Mechanisms of gas sensing by internal sensory neurons in Drosophila larvae

Internal sensory neurons monitor the chemical and physical state of the body, providing critical information to the central nervous system for maintaining homeostasis and survival. A population of larval Drosophila sensory neurons, tracheal dendrite (td) neurons, elaborate dendrites along respiratory organs and may serve as a model for elucidating the cellular and molecular basis of chemosensation by internal neurons. We find that td neurons respond to decreases in O2 levels and increases in CO2 levels.

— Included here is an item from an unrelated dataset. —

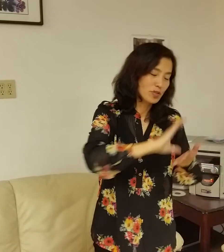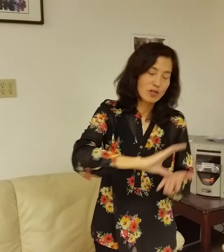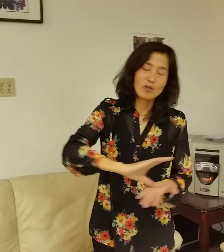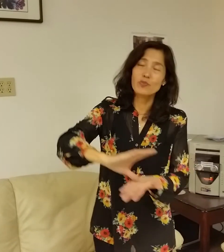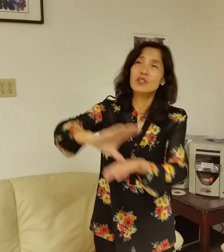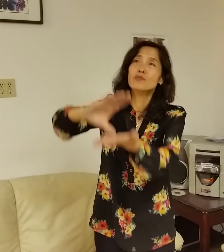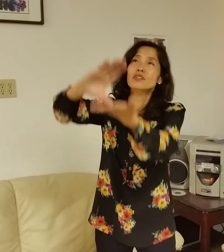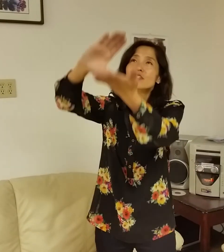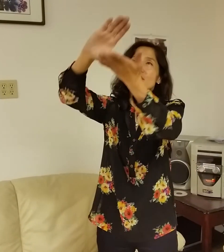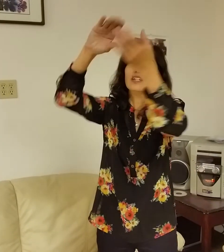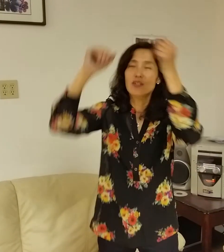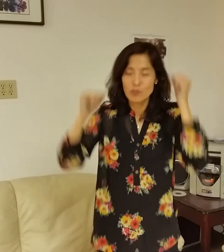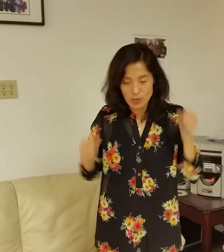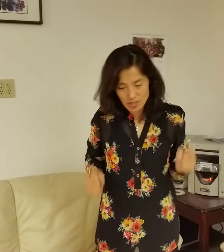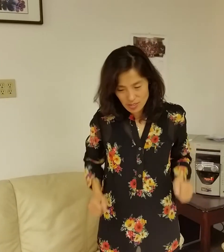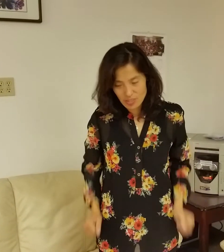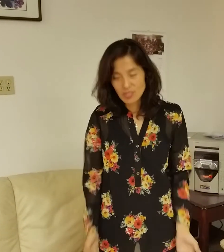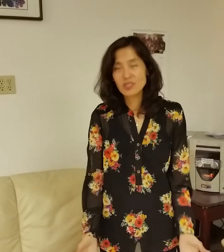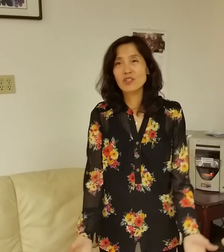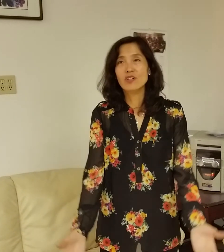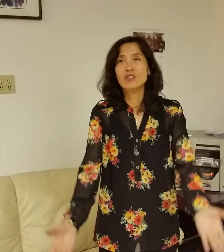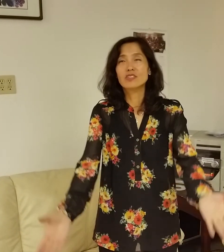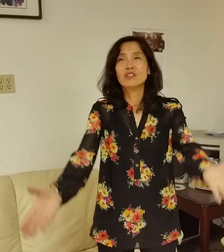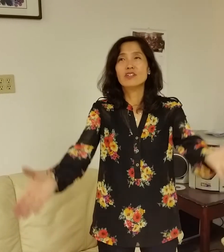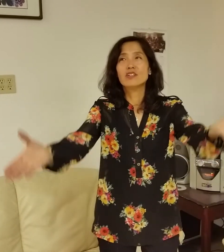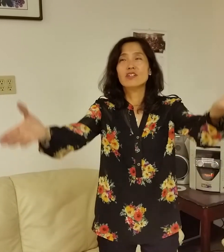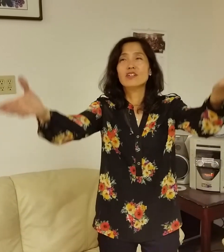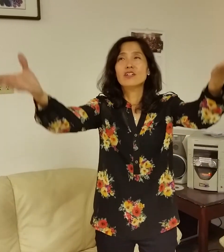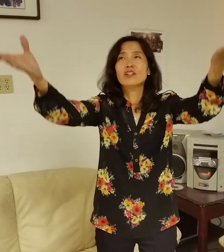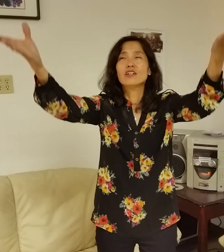높임을 받으소서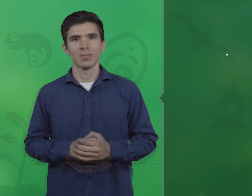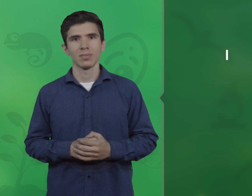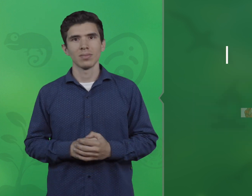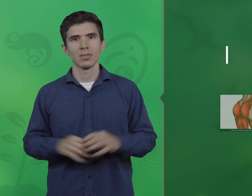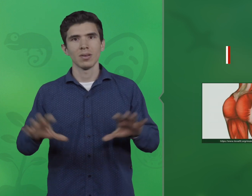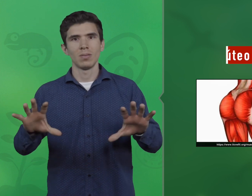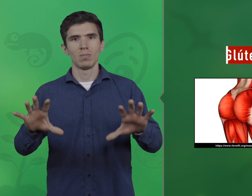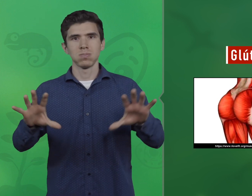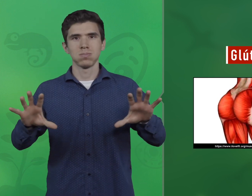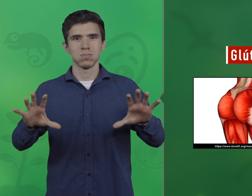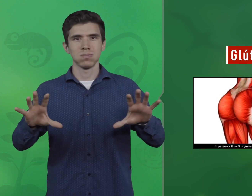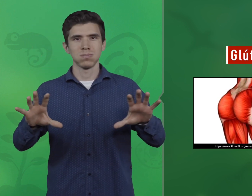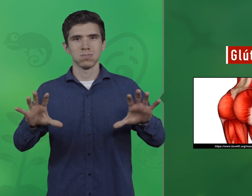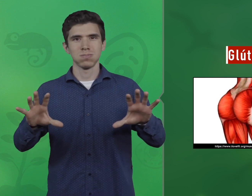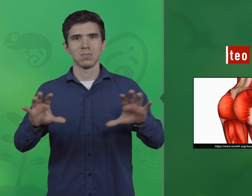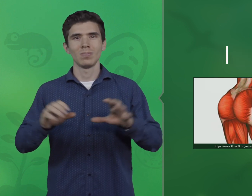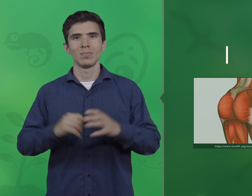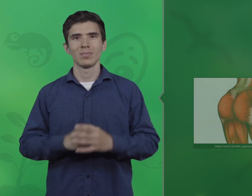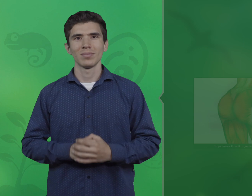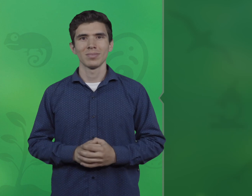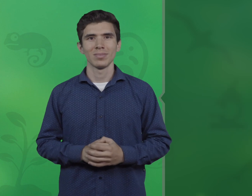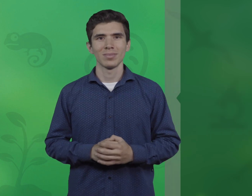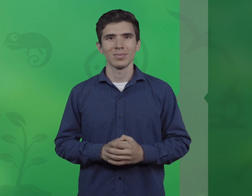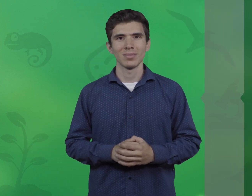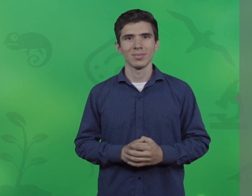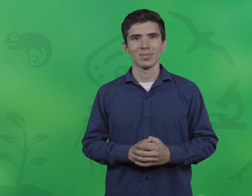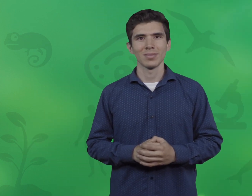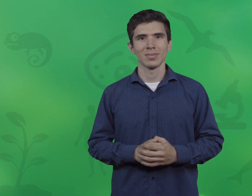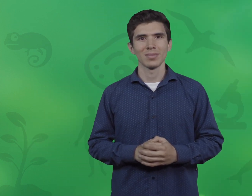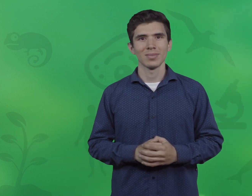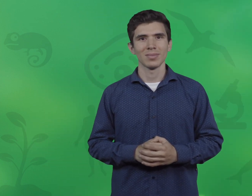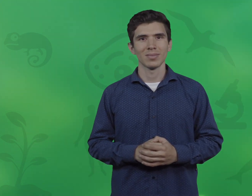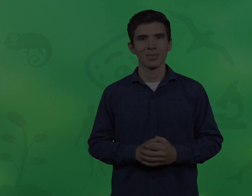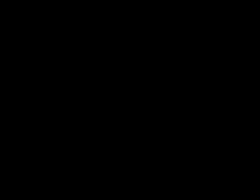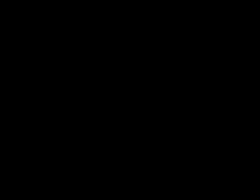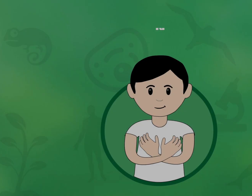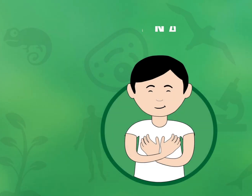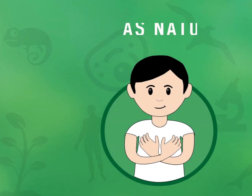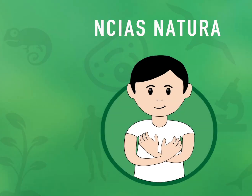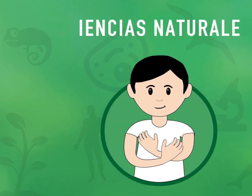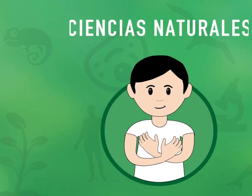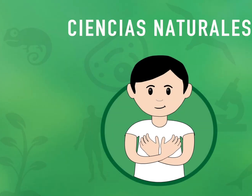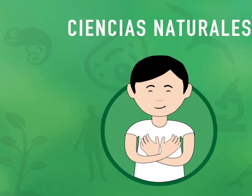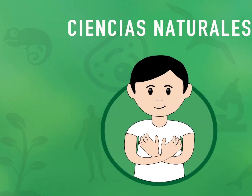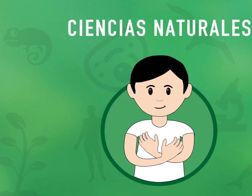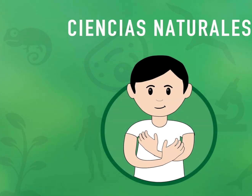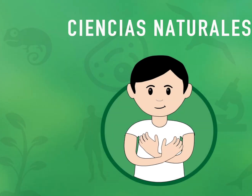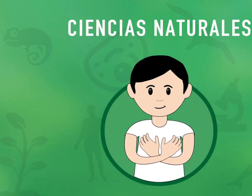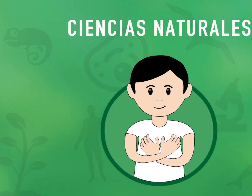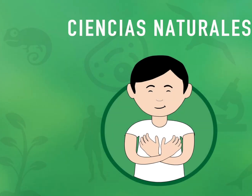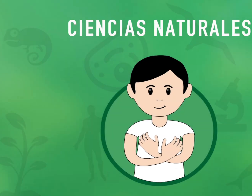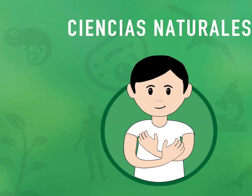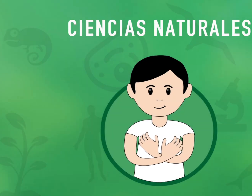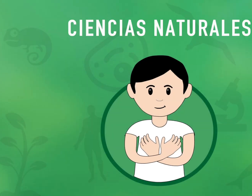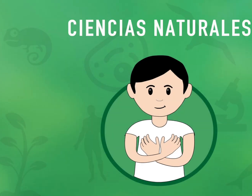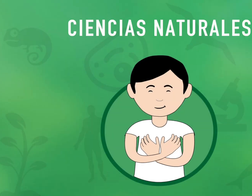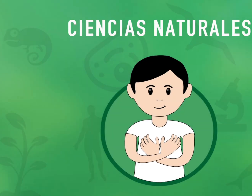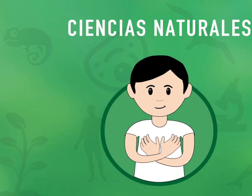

We assessed the roles of atypical soluble guanylyl cyclases (Gycs) and a gustatory receptor (Gr) in mediating these responses. We found that Gyc88E/Gyc89Db were necessary for responses to hypoxia, and that Gr28b was necessary for responses to CO2. Targeted expression of Gr28b isoform c in td neurons rescued responses to CO2 in mutant larvae and also induced ectopic sensitivity to CO2 in the td network. Gas-sensitive td neurons were activated when larvae burrowed for a prolonged duration, demonstrating a natural-like feeding condition in which td neurons are activated. Together, our work identifies two gaseous stimuli that are detected by partially overlapping subsets of internal sensory neurons, and establishes roles for Gyc88E/Gyc89Db in the detection of hypoxia, and Gr28b in the detection of CO2.